Both offerings use the same storage policy-based management (SPBM) model we use for VMs and virtual disks. Via policies, one can use enterprise features such as checksums, space efficiency, encryption, and in the future, Data Protection and Disaster Recovery. All that at the granularity of container volumes.

The new generation of applications consume data utilizing abstractions that are higher level than block storage. File services and object storage are used for storing and managing unstructured data. Furthermore, many modern applications are designed around higher-level data abstractions such as key-value stores, databases, messages buses and log services. Such abstractions have profound benefits in the rapid development and scalable deployment of applications. When they are offered as a service, things are straightforward. However, that implies customers being bound to certain cloud providers’ services. Also, when IT organizations need to deploy and manage such services in-house, they are faced with a multitude of operational challenges. Operations like deployment, configuration and monitoring are specific to the service. Conceptually simple actions such as storage extension or replacement of faulty devices turn into complex manual workflows. Each key-value store and each database have their own data protection and disaster recovery mechanism (if any at all). Soon, the operating cost of such services becomes prohibitively expensive for the typical organization that does not have the expertise and resources of hyperscalers.

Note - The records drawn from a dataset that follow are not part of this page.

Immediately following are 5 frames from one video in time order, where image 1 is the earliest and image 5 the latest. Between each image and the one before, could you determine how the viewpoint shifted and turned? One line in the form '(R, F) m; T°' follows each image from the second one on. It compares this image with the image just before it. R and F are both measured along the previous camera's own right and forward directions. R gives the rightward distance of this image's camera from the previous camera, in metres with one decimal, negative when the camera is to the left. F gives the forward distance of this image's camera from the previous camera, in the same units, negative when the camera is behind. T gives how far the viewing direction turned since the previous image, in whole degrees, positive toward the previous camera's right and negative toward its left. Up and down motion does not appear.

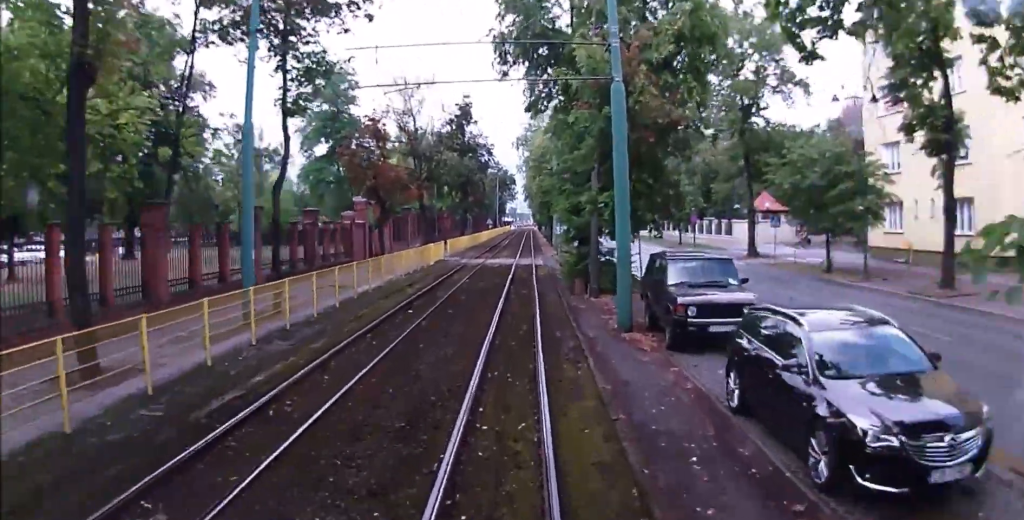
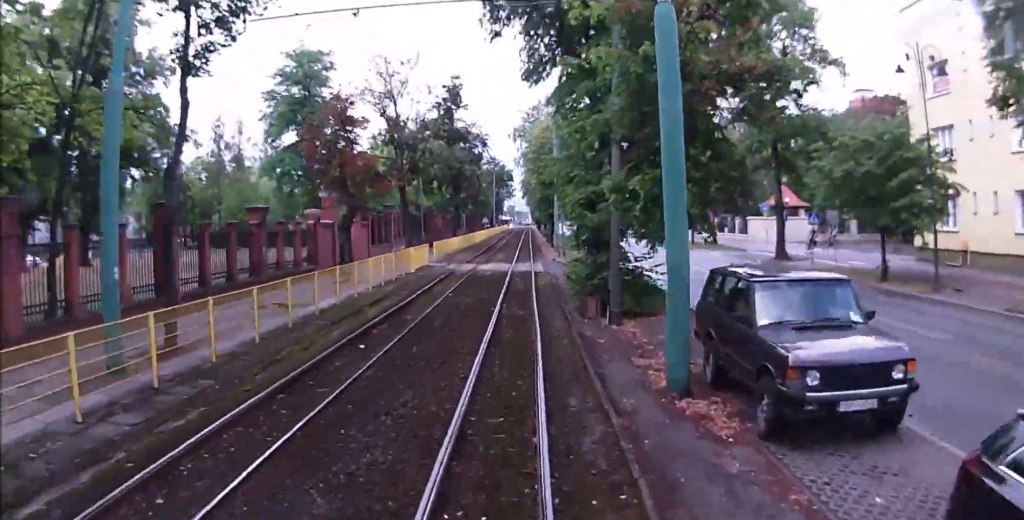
(0.0, +5.5) m; 0°
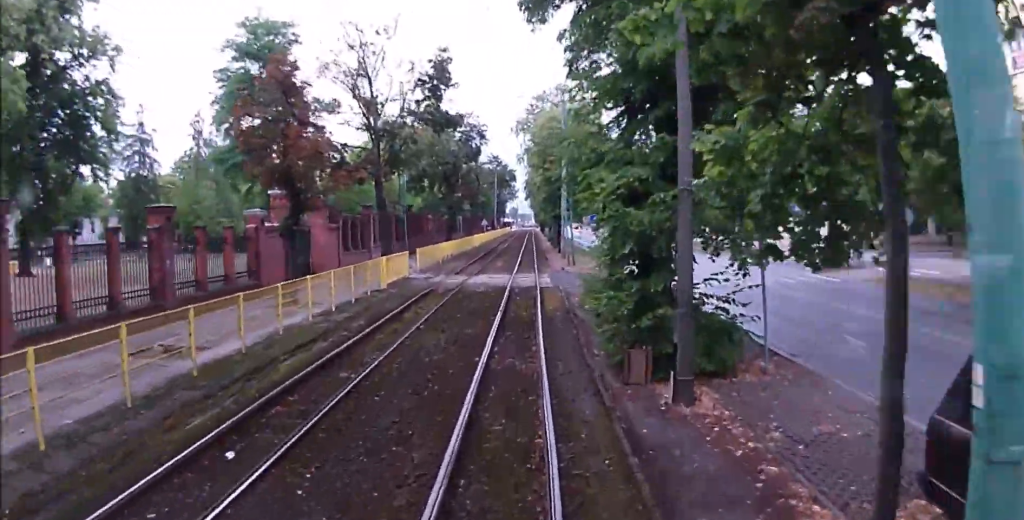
(-0.1, +6.7) m; 0°
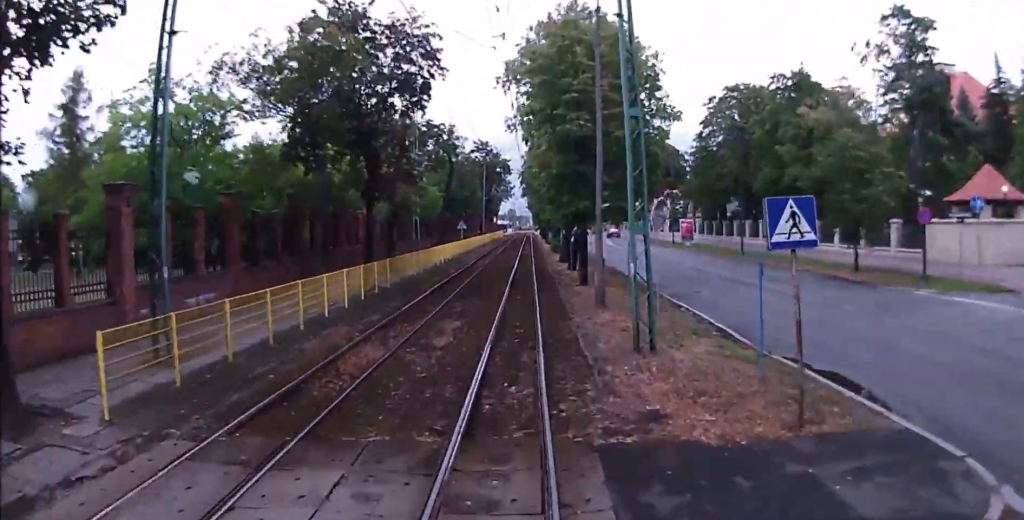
(0.0, +24.3) m; -1°
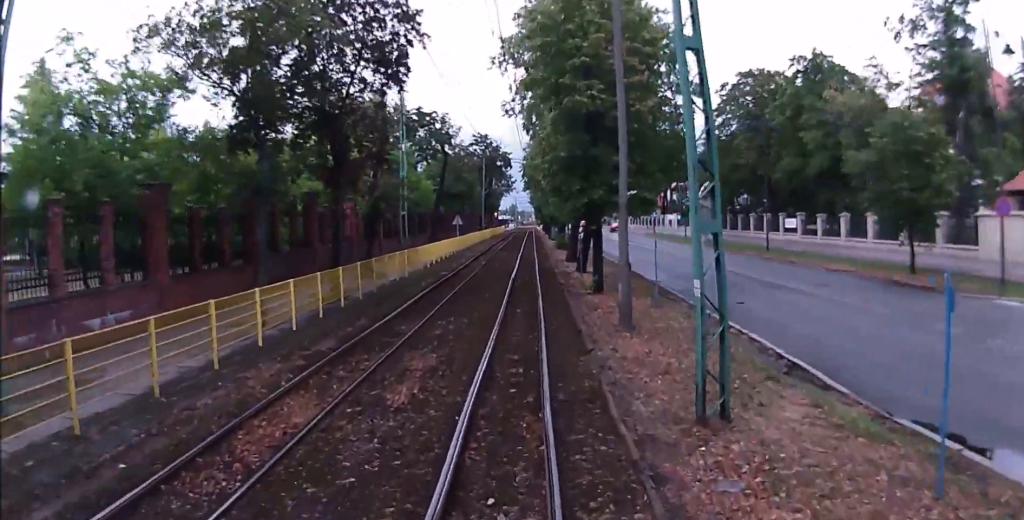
(+0.2, +4.8) m; -1°

We anticipate the emergence of a new generation of application-centric control planes that will implement a canonical set of operational workflows for data services. An example of things to come is Amazon’s Relational Database Service (RDS). It has enabled thousands of organizations to consume database as a service, while allowing AWS to manage thousands of database instances through an efficient unified operational model. Enterprises will aim for similar operational efficiencies for data services they offer in-house or when their IT infrastructure spans multiple clouds.

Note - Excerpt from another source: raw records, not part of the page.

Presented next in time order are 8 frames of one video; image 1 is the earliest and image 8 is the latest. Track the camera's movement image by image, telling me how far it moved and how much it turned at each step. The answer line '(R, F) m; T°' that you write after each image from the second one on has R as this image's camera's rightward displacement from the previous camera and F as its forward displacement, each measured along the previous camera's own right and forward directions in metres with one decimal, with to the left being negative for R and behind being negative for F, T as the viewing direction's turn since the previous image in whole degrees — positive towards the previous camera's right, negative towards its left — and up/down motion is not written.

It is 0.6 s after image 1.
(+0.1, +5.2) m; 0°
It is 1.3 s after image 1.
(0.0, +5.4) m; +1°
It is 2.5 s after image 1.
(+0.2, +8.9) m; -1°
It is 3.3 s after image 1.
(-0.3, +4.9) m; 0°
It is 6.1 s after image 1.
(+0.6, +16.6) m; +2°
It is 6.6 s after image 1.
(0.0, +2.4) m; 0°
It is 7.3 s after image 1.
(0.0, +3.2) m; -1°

On one hand, the control plane will orchestrate data service deployment and setup. It will also implement resource provisioning, configuration workflows (e.g., storage expansion), and software lifecycle management. A combination of virtualization and container orchestration will be used to implement these workflows.

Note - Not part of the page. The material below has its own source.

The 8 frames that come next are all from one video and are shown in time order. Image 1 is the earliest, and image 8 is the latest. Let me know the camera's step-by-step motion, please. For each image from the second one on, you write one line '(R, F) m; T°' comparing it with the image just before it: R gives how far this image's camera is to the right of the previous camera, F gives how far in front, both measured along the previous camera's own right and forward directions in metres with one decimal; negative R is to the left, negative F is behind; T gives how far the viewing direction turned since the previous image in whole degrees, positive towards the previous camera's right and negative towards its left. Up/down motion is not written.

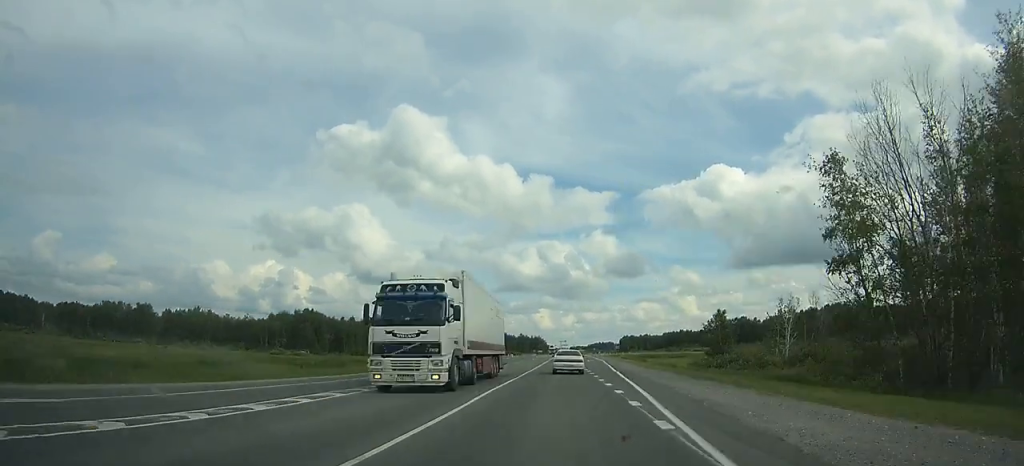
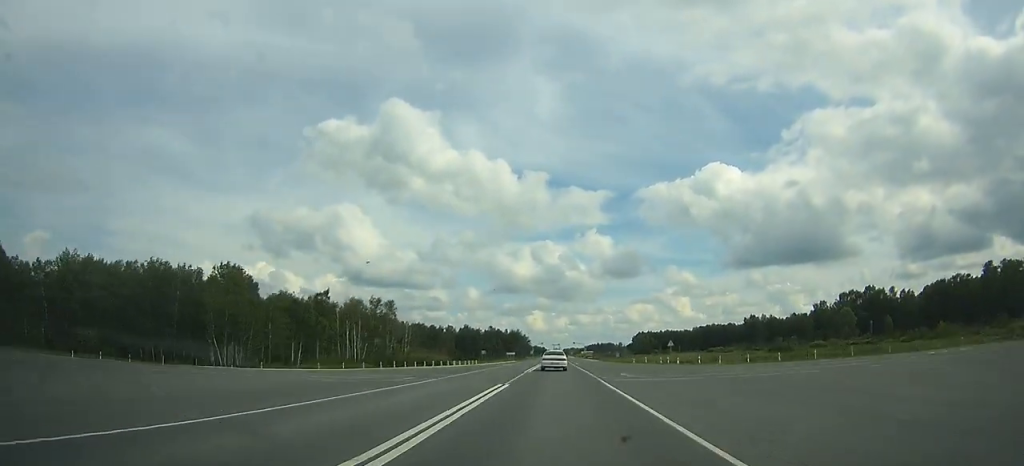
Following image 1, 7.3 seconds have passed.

In addition, the control plane will include generic features for data protection and data copy management across cloud boundaries: snapshots, clones and data mobility. We expect that some form of application-level integration may be required to implement efficient data protection (e.g. capture an application consistent copy of a database log). Nevertheless, having a unified set of abstractions and workflows which are independent of the data service(s) deployed and decoupled from the physical storage infrastructure will result in big operational benefits. Enterprises will be able to manage their data and enforce business continuity policies despite using a multitude of storage platforms and data services across clouds.

 

In summary, the industry is pivoting from storage products for the data center to holistic data management solutions for cloud environments. At VMware, we are building on the strengths of our HCI offerings, which we are expanding into data protection and data services across private and public clouds. Our product roadmap is rapidly evolving to cover both traditional enterprise use cases and the requirements of cloud-native apps and the operational model emerging with them (DevOps).